───── Task inputs

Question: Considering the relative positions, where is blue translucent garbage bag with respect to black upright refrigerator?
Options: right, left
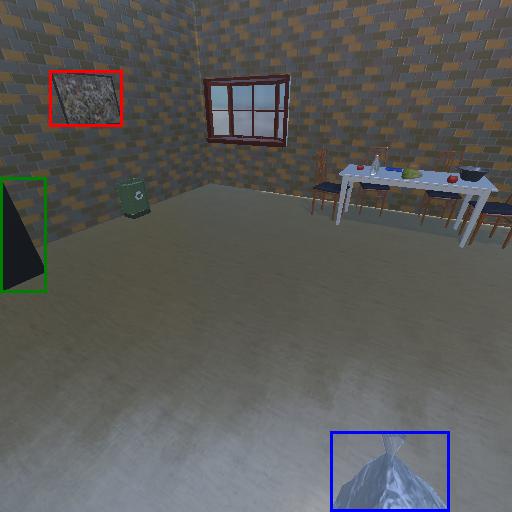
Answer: right
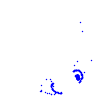
Particle: electron
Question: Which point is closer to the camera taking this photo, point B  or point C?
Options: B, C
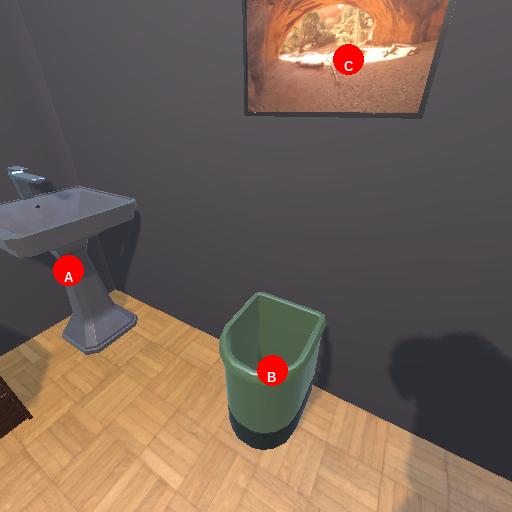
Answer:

──────────

Aim of the task »
The answer must consist solely of the lines from the line containing "Question: Which point" to the end of the data, reproduced exactly, with every picture left out.

Answer to this exercise »
Question: Which point is closer to the camera taking this photo, point B  or point C?
Options: B, C
Answer:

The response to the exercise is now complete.